George, Jeff, Sean, and I replicated the last experiment in Elman's paper for our midterm project. Our efforts did not yield the clean hierarchical cluster analysis Elman presents in the paper. Our difficulties lead me to suspect that either Elman's presented results are somewhat idealized, or that his generative grammar and sentence templates were very carefully designed to yield such clean results. p. 23 shows the cluster diagram of individual tokens of the words 'boy' and 'girl'. Upon close inspection, I spotted an oversight/simplification in Elman's generative templates which may give us some clue. The figure contains sentences such as "woman eat boy", "man eat girl", and "girl eat woman". Our templates disallowed such cannibalism by only allowing NOUN-HUMs to VERB-CONSUME NOUN-EDIBLEs. This leads me to suspect that Elman's super-categories and semantic co-occurances were simpler and less idiosyncratic than the ones we used, thereby promoting clean heretical representation. This does not necessarily illegitimatize Elman's findings, but it is important to realize their scope. Elman has shown that a theoretical connectionist network has the capability to learn semantic and syntactic categories-but it would take a really big network to achieve the level of success achieved by the human brain.


Daniel Fairchild

I don't have many comments this week; there wasn't much to read, and I've already spent too much time looking at the Elman article.

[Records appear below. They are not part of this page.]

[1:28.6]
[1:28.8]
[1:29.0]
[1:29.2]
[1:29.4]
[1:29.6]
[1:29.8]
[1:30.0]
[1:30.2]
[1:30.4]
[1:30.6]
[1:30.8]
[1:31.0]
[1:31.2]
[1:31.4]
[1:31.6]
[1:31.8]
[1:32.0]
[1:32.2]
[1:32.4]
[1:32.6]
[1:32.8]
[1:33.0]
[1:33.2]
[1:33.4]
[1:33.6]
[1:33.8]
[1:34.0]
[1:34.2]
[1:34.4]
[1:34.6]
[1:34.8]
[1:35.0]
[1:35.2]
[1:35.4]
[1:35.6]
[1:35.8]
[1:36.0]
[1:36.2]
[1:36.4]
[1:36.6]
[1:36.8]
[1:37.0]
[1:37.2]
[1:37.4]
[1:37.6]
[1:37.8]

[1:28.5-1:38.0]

The chapter and the article seemed to cover a lot of the same ground, though the book talked more about the Kare nets, which seem useful for trying to do pre-defined tasks with neural networks.

The thing I noticed most about the Elman article was the annoying lack of detail. The experiments he did were described only very cursorily, which made them rather hard to duplicate.


Jeff Wu

The reading for this week focused strongly on the work of Elman and recurrent networks. Since my group followed his experiment in syntax recognition, I suppose I have the most to say about that aspect of the reading. The most significant aspect of Elman's experiment is that it proves that an innate sense of universal grammar is not necessary to natural language acquisition. Although the cluster analysis shows that his model clearly obeys the concept of universal grammar by separating words into different noun, verb, and object subcategories, it was not fed symbolic rules in order to do so. This strongly hints at universal grammar being a natural consequence of how human brains work, and that UG much more easily resembles a physical law of nature, rather than a directly innately used schema.

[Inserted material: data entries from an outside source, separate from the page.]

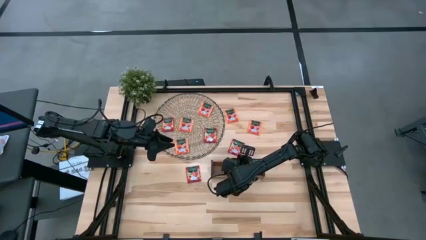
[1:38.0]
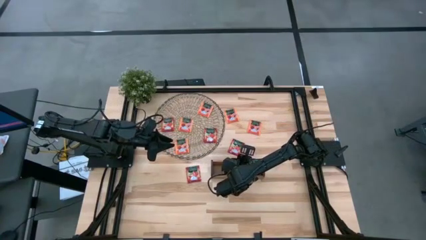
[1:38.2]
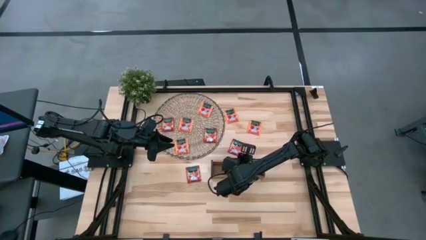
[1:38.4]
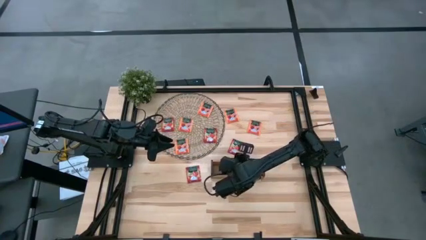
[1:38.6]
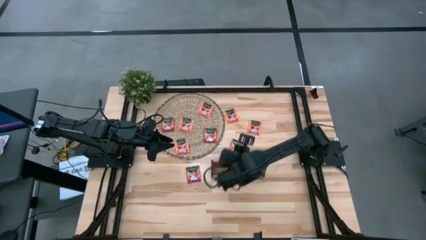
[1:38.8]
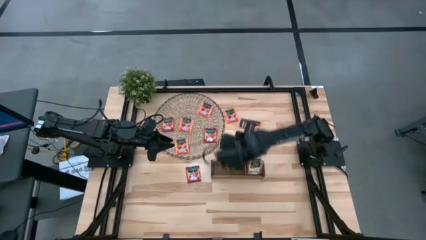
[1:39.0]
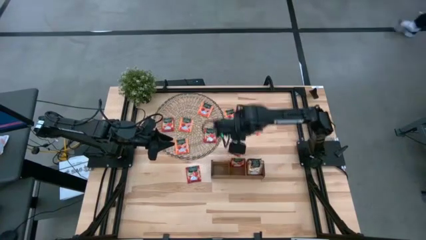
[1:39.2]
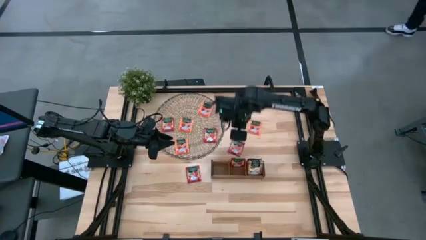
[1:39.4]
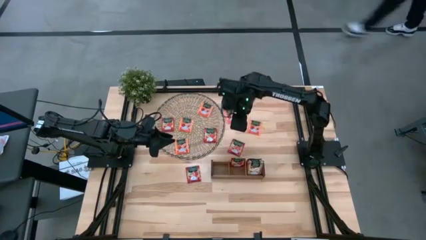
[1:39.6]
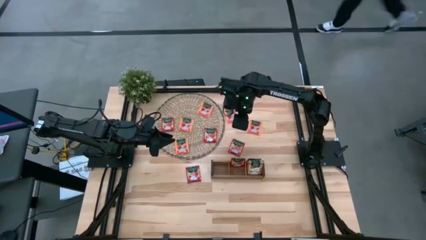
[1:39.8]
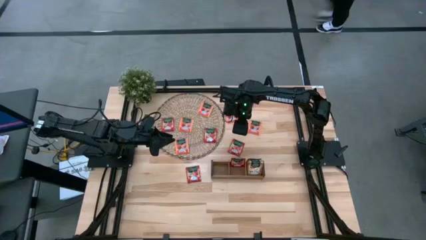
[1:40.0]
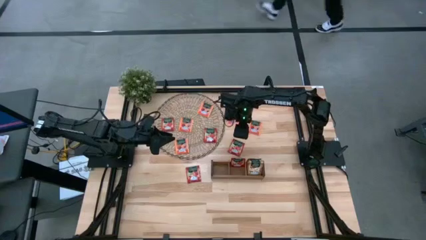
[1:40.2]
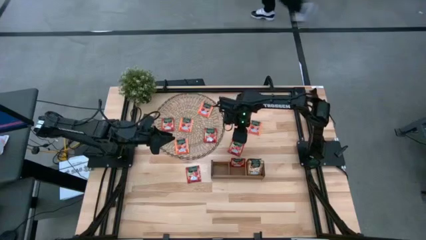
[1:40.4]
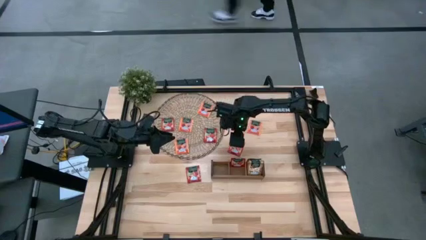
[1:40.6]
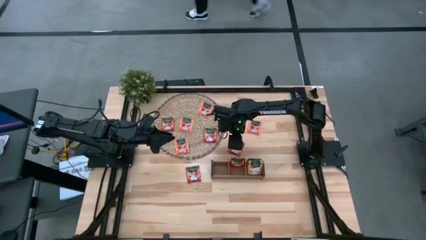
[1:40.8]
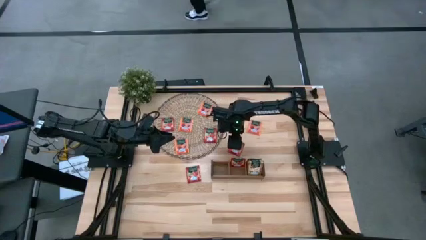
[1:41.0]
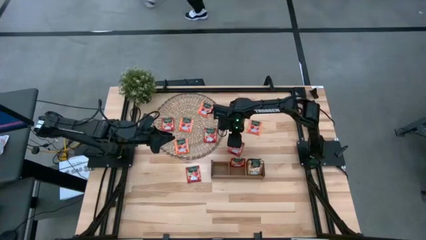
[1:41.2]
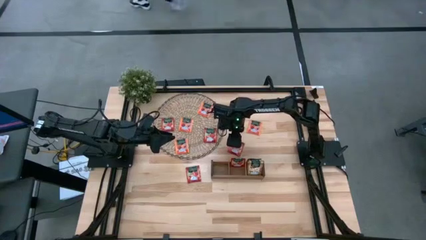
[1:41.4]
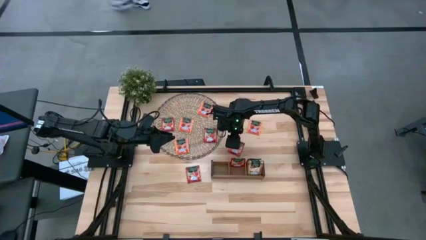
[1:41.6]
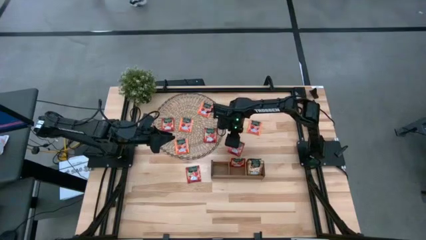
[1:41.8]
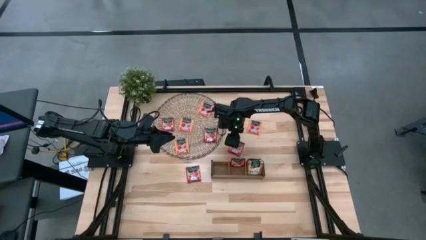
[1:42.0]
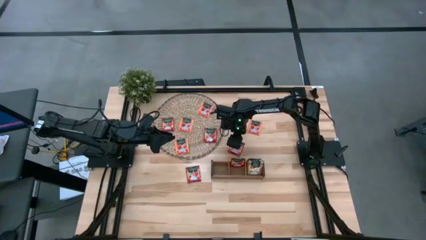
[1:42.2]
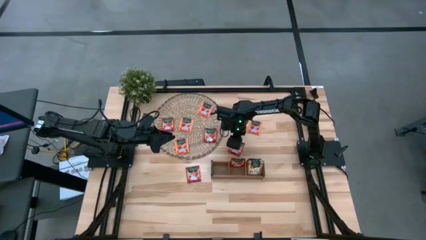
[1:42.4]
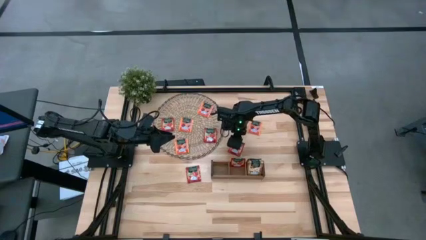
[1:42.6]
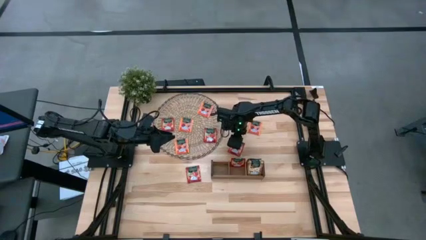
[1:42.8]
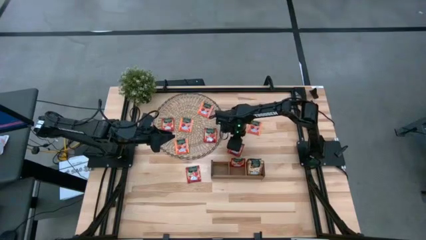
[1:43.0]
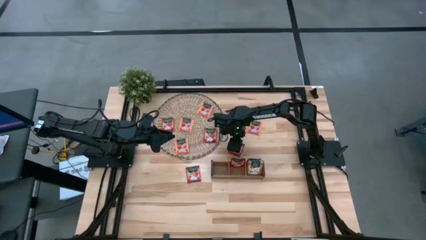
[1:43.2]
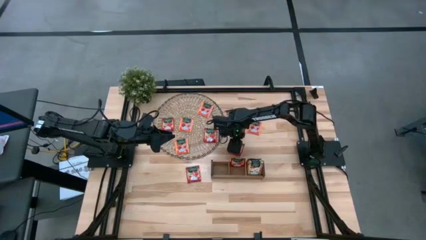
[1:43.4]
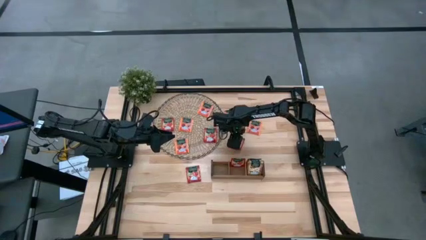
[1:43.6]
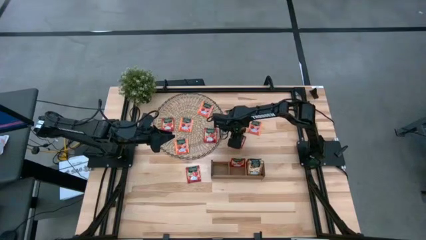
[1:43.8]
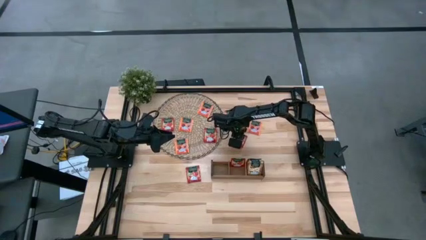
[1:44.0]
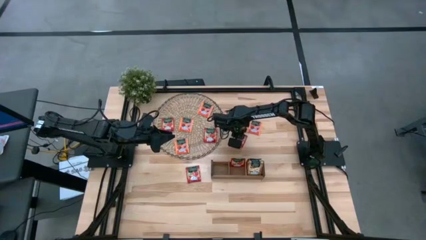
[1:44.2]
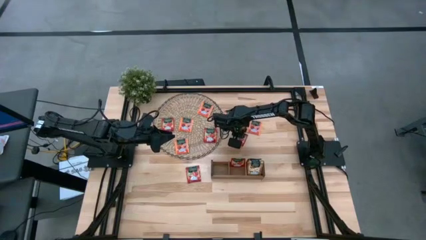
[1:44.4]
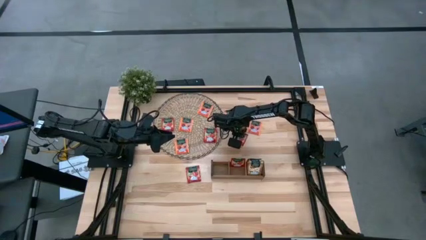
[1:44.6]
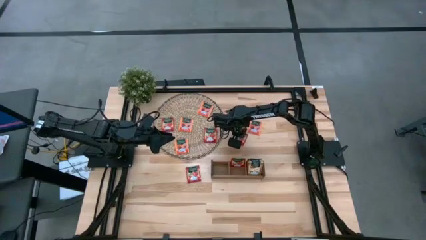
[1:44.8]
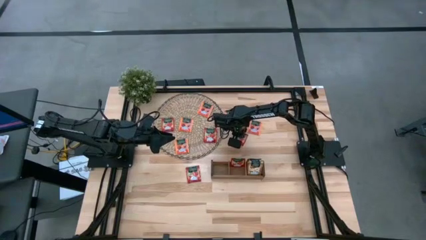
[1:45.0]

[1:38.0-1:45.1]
Put the red tea bag into the middle slot of the wooden organizer

However, there are many problems with the experiment. Although, it is attempting to prove that natural language acquisition is possible as seen through a simple connectionist model, it doesn't quite capture real-life situations. Babies who are learning grammar never hear every possible sentence generated six times again and again. In fact, much of the input they receive may be ungrammatical. The experiment does not capture the poverty of input concept within its framework.

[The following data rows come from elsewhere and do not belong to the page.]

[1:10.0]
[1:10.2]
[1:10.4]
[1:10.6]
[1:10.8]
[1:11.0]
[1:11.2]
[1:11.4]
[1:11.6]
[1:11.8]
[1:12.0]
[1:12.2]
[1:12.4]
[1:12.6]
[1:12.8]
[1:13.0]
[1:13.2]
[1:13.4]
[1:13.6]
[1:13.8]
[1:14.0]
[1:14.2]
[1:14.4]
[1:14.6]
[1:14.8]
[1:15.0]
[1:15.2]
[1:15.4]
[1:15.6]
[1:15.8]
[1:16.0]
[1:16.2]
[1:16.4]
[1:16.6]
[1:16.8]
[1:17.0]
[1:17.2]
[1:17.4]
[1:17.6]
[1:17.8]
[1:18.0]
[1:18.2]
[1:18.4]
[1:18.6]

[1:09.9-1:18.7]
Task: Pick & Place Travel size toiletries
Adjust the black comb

The experiment does show something interesting about the possible way words are "categorized" in our minds. The hierarchical cluster diagram shows that words are grouped together not only by their syntactic properties, but also by their semantic ones. Although the model was not given the lexical meaning or properties of the words, it was still able to abstract the categories through the semantic argument structure. Elman does not touch upon this idea in his paper, however, we feel this is an important note.

i guess another little important note is that the cluster analysis does not provide the fullest and clearest view of what is actually going on in the model. our group preformed pc analysis on the hidden node levels, which in graphical representation, showed many interesting quirks such a direction towards animacy, and varying closeness of the verbs to the nouns which i guess we shall discuss later today.